> **Your instructions**: All of the records should be reproduced word for word, but no images may appear in the copy.

-- Exercise input follows --

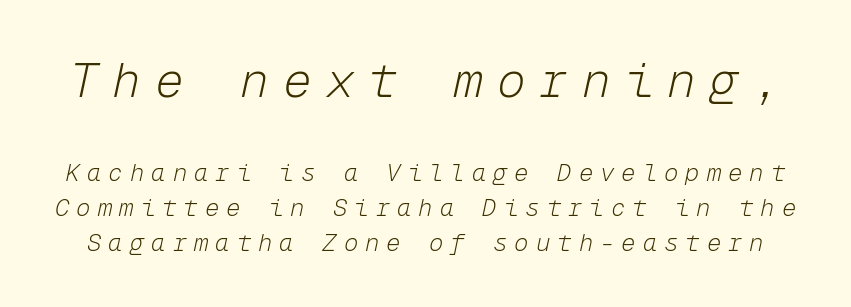
Q: Is the text bold? A: No.
Q: Is the text italic (slanted)? A: Yes, it leans right by about 12 degrees.
Q: Is the text underlined? A: No.
Q: Is the spacing between letters normal or unusually wide? A: Unusually wide.
Q: Is the spacing between lines tight, normal or loose? A: Normal.
Q: Which block of text is set in a larger size, the first (top) or the second (bottom)? A: The first (top) one.
Q: Width (condensed, normal, or wide)? A: Normal.
Q: Stroke contrast? A: Low.
Q: x-height? A: Medium.
Q: Monospaced? A: Yes.
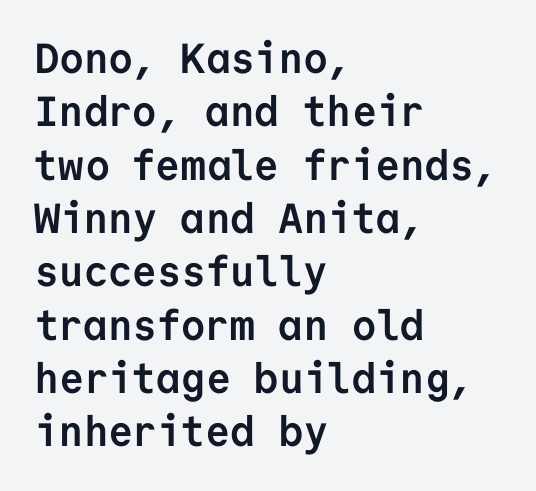
{"serif": "no", "italic": "no", "bold": "yes", "weight": "semibold", "width": "normal", "stroke_contrast": "low", "x_height": "medium", "monospaced": "yes", "underline": "no", "align": "left", "line_spacing": "normal", "line_spacing_ratio": 1.27, "letter_spacing": "normal", "letter_spacing_em": 0.0, "glyph_px": 42}

-- Exercise input concluded --

> **Answer section**:
Q: Is the text bold? A: No.
Q: Is the text italic (slanted)? A: Yes, it leans right by about 12 degrees.
Q: Is the text underlined? A: No.
Q: Is the spacing between letters normal or unusually wide? A: Unusually wide.
Q: Is the spacing between lines tight, normal or loose? A: Normal.
Q: Which block of text is set in a larger size, the first (top) or the second (bottom)? A: The first (top) one.
Q: Width (condensed, normal, or wide)? A: Normal.
Q: Stroke contrast? A: Low.
Q: x-height? A: Medium.
Q: Monospaced? A: Yes.
{"serif": "no", "italic": "no", "bold": "yes", "weight": "semibold", "width": "normal", "stroke_contrast": "low", "x_height": "medium", "monospaced": "yes", "underline": "no", "align": "left", "line_spacing": "normal", "line_spacing_ratio": 1.27, "letter_spacing": "normal", "letter_spacing_em": 0.0, "glyph_px": 42}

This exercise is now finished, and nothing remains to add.